### [Assignment]
Please print the listing that follows word for word, but skip any pictures it holds.

──────────

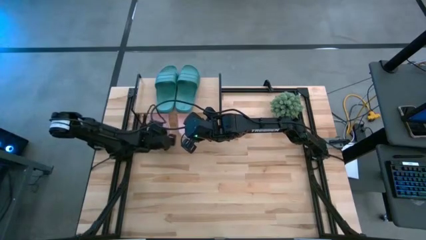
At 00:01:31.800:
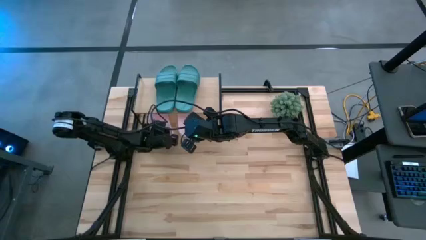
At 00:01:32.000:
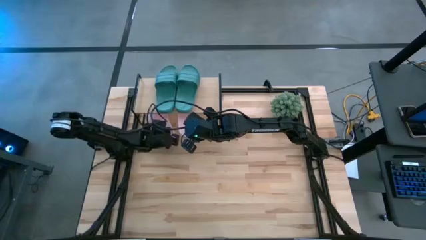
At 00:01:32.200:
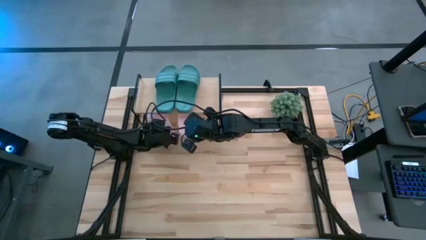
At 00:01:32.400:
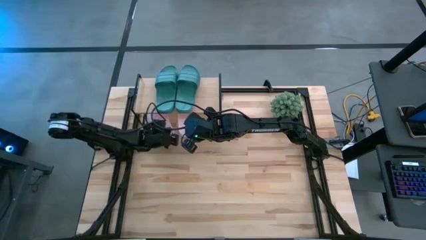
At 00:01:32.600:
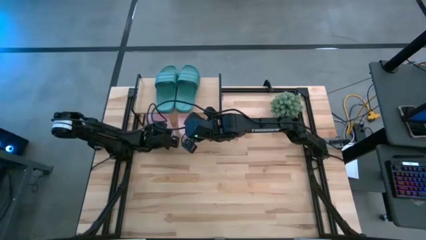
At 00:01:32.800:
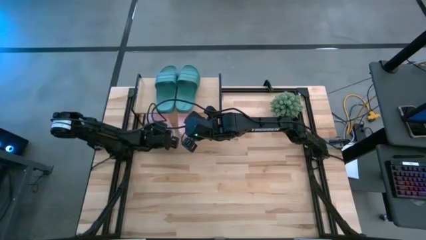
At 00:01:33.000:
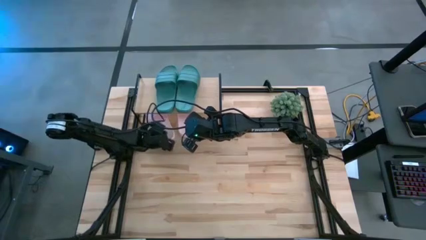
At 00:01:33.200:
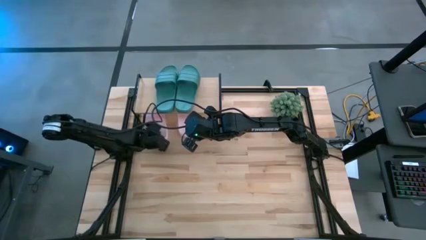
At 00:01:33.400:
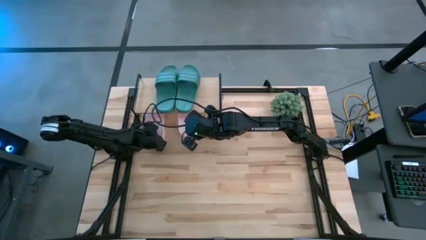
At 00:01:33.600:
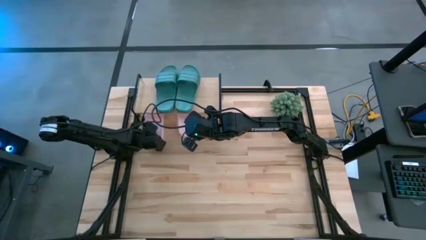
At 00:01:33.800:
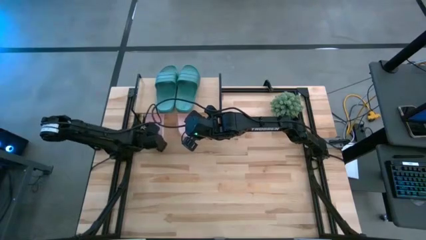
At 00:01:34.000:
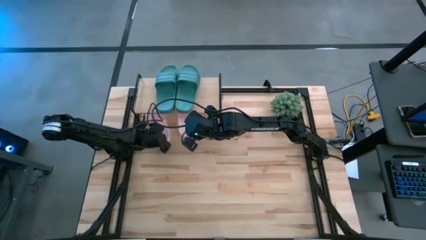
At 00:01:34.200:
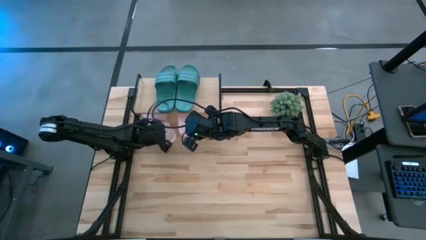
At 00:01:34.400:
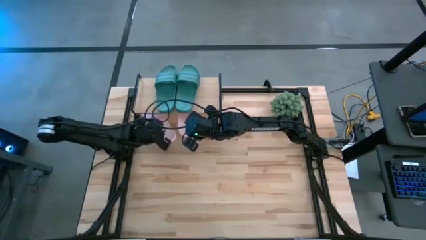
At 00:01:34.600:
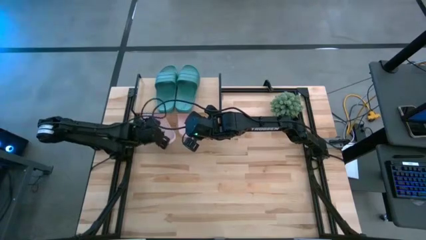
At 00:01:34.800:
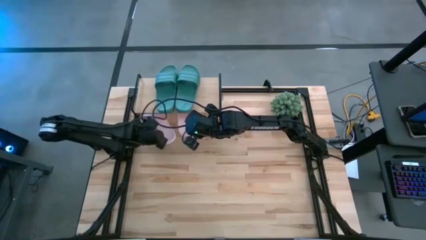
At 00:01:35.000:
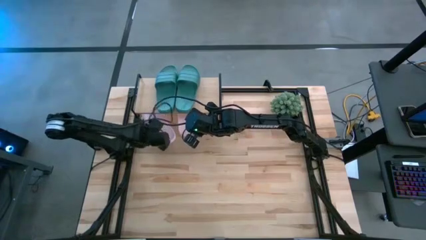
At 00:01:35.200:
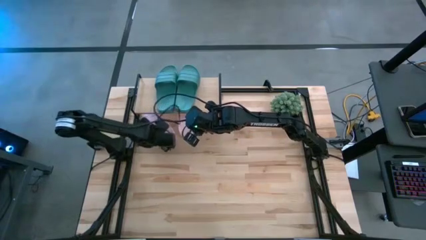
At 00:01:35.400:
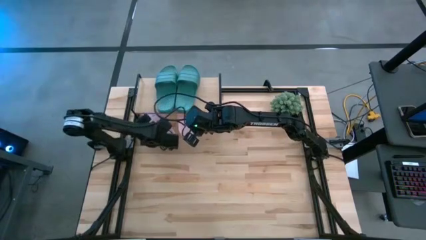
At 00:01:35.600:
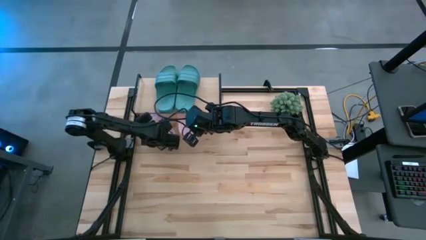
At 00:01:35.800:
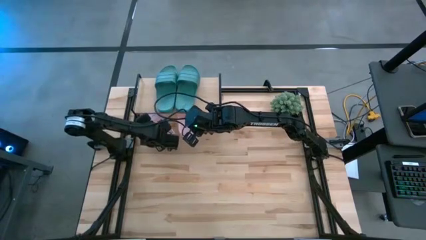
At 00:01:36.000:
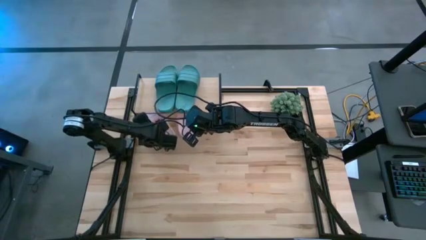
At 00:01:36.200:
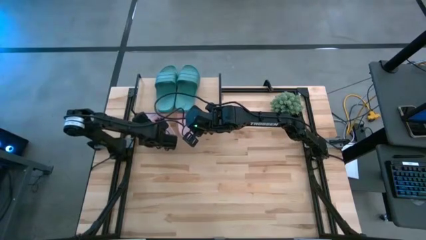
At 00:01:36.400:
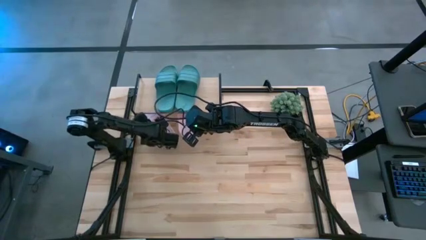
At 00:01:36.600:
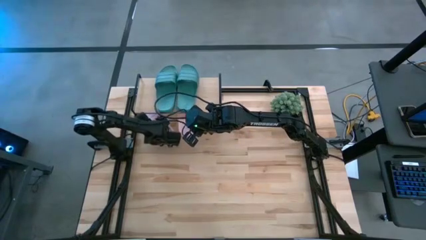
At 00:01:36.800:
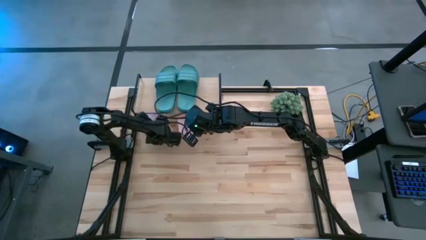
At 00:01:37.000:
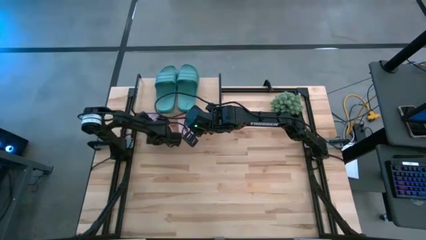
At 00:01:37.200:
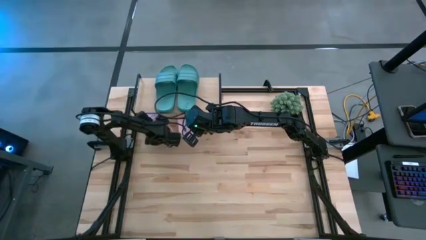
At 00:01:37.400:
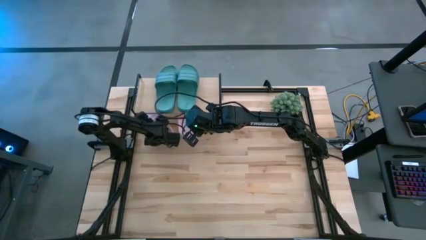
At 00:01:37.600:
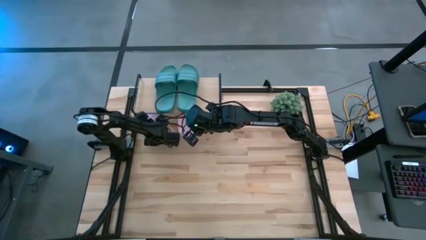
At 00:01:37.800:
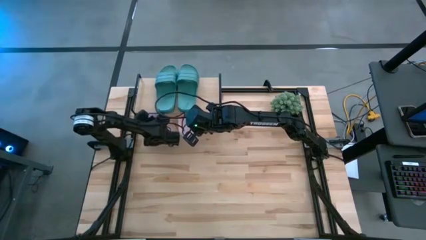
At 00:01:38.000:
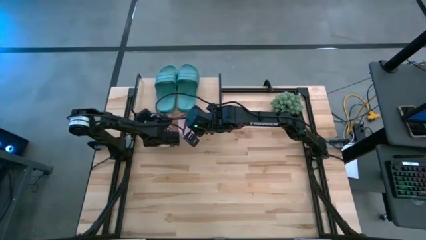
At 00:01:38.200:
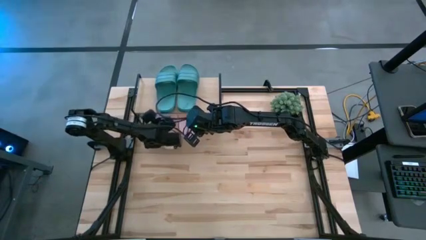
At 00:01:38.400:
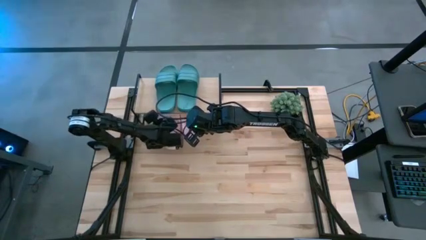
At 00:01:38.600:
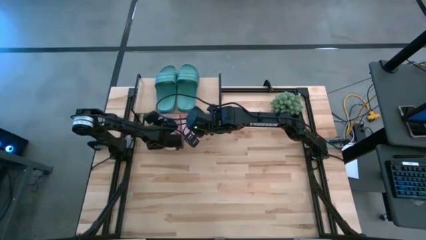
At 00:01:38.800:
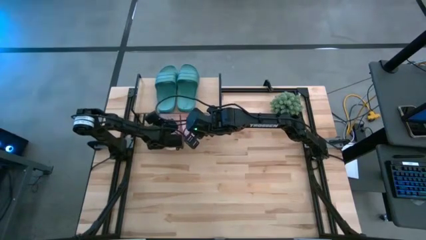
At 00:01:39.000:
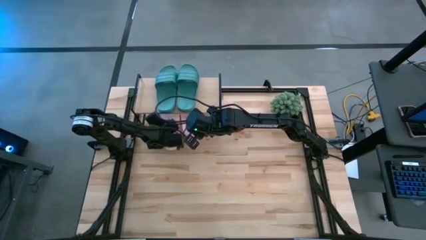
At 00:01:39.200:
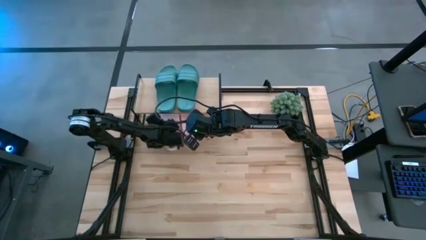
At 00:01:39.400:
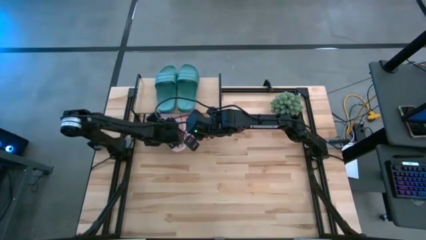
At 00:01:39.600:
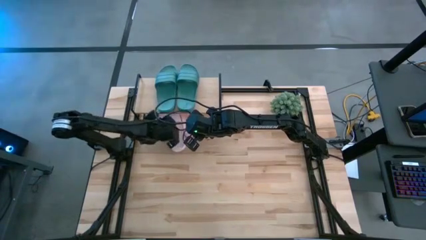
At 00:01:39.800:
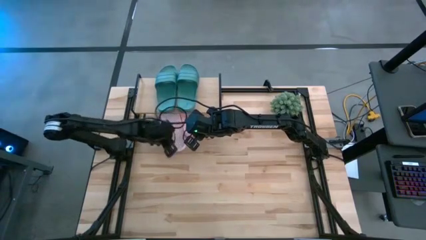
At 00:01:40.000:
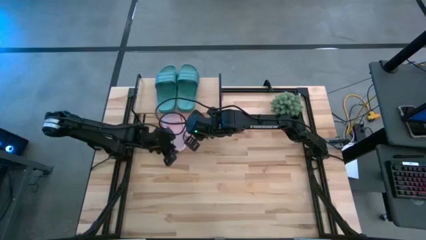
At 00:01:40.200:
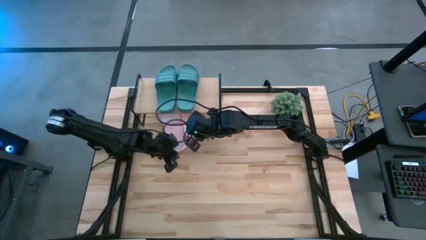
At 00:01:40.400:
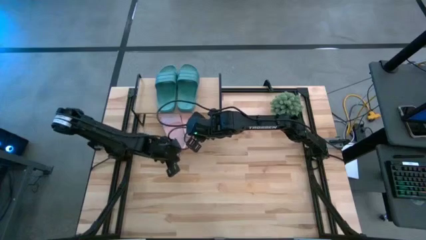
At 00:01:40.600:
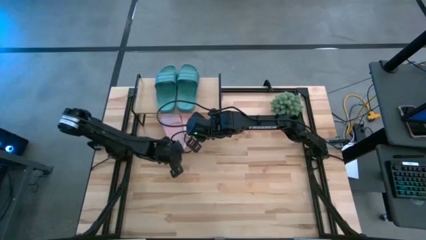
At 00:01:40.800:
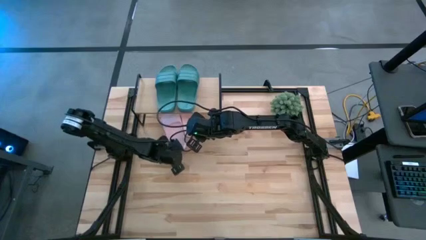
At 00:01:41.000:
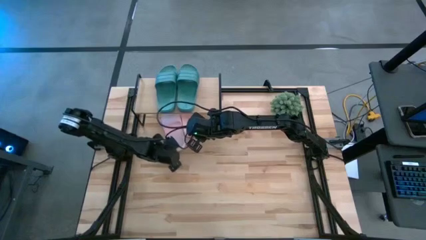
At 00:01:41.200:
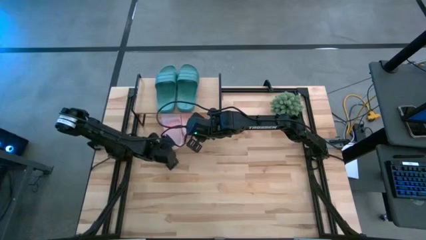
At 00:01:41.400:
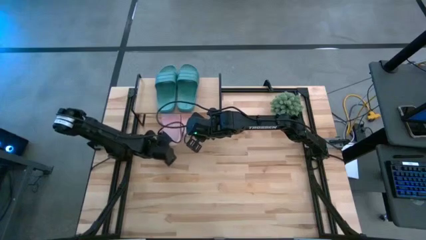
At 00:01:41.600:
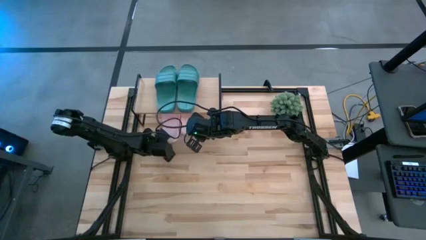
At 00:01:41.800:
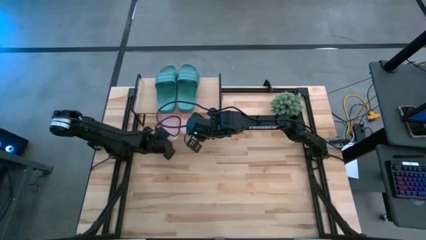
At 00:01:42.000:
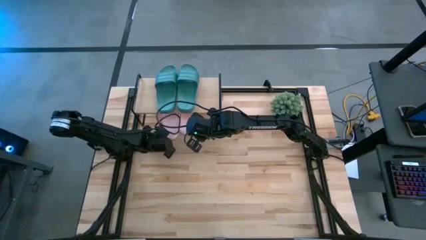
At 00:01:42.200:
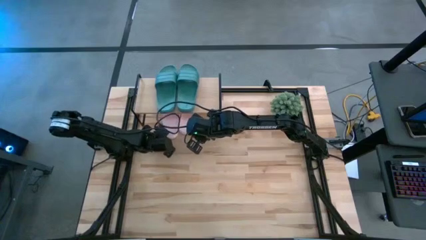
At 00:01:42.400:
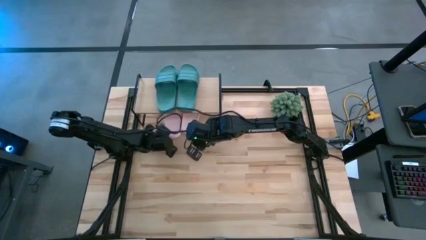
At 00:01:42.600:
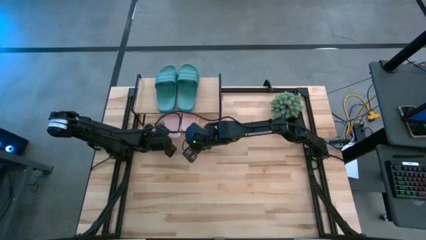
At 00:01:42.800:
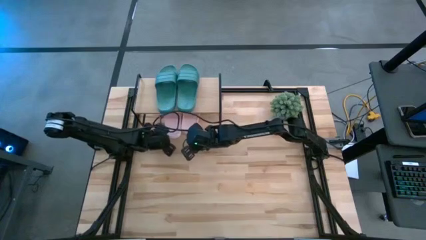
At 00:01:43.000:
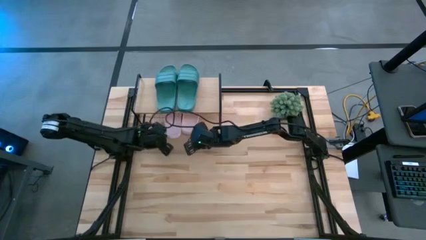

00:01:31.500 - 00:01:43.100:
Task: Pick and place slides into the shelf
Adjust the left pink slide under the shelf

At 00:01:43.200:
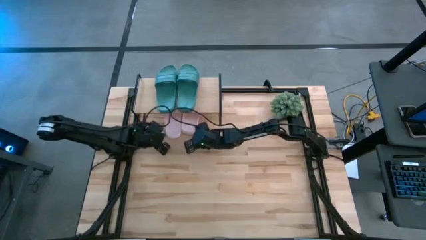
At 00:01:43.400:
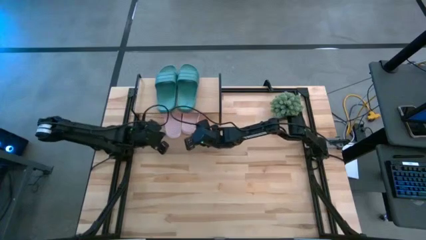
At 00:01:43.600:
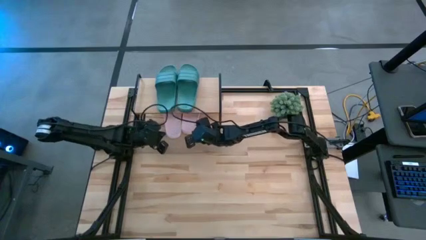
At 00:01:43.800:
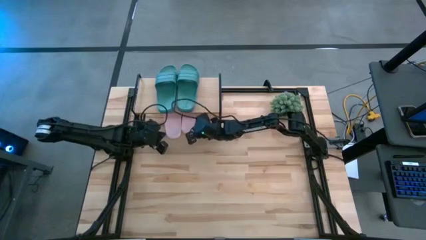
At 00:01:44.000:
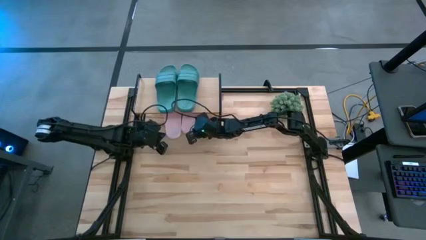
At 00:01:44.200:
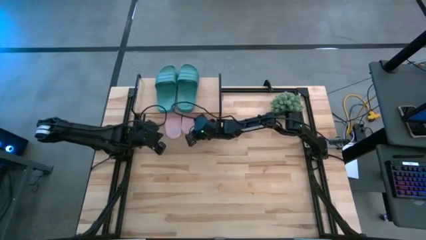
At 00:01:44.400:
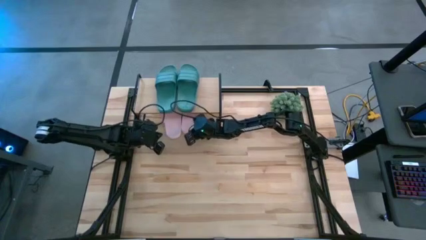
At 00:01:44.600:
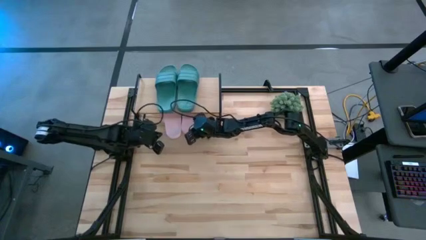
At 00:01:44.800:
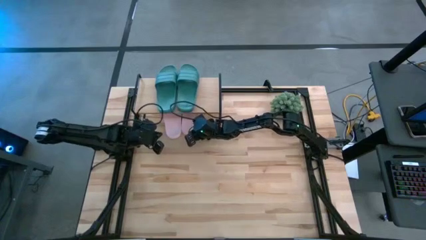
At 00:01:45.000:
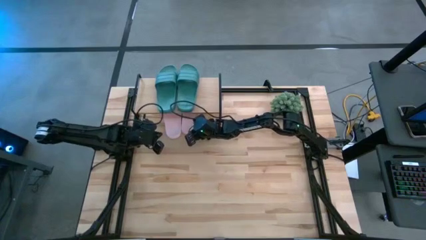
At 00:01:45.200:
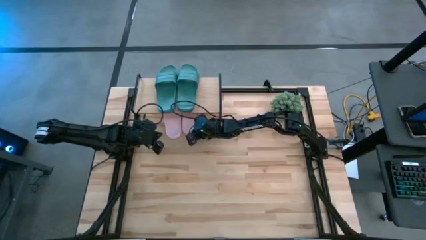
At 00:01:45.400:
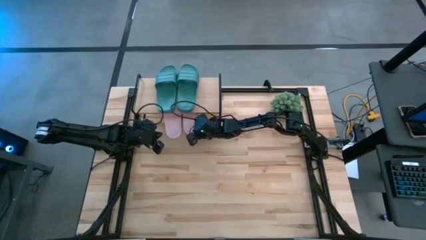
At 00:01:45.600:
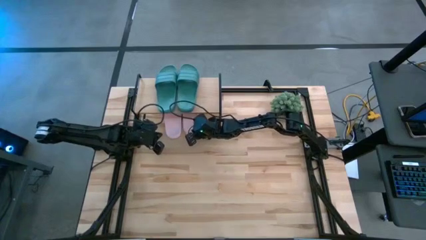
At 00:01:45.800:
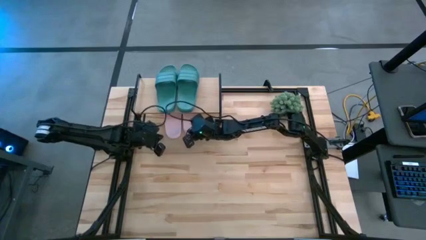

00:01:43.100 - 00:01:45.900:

──────────

### [Answer to this exercise]
At 00:01:31.800:
At 00:01:32.000:
At 00:01:32.200:
At 00:01:32.400:
At 00:01:32.600:
At 00:01:32.800:
At 00:01:33.000:
At 00:01:33.200:
At 00:01:33.400:
At 00:01:33.600:
At 00:01:33.800:
At 00:01:34.000:
At 00:01:34.200:
At 00:01:34.400:
At 00:01:34.600:
At 00:01:34.800:
At 00:01:35.000:
At 00:01:35.200:
At 00:01:35.400:
At 00:01:35.600:
At 00:01:35.800:
At 00:01:36.000:
At 00:01:36.200:
At 00:01:36.400:
At 00:01:36.600:
At 00:01:36.800:
At 00:01:37.000:
At 00:01:37.200:
At 00:01:37.400:
At 00:01:37.600:
At 00:01:37.800:
At 00:01:38.000:
At 00:01:38.200:
At 00:01:38.400:
At 00:01:38.600:
At 00:01:38.800:
At 00:01:39.000:
At 00:01:39.200:
At 00:01:39.400:
At 00:01:39.600:
At 00:01:39.800:
At 00:01:40.000:
At 00:01:40.200:
At 00:01:40.400:
At 00:01:40.600:
At 00:01:40.800:
At 00:01:41.000:
At 00:01:41.200:
At 00:01:41.400:
At 00:01:41.600:
At 00:01:41.800:
At 00:01:42.000:
At 00:01:42.200:
At 00:01:42.400:
At 00:01:42.600:
At 00:01:42.800:
At 00:01:43.000:

00:01:31.500 - 00:01:43.100:
Task: Pick and place slides into the shelf
Adjust the left pink slide under the shelf

At 00:01:43.200:
At 00:01:43.400:
At 00:01:43.600:
At 00:01:43.800:
At 00:01:44.000:
At 00:01:44.200:
At 00:01:44.400:
At 00:01:44.600:
At 00:01:44.800:
At 00:01:45.000:
At 00:01:45.200:
At 00:01:45.400:
At 00:01:45.600:
At 00:01:45.800:

00:01:43.100 - 00:01:45.900:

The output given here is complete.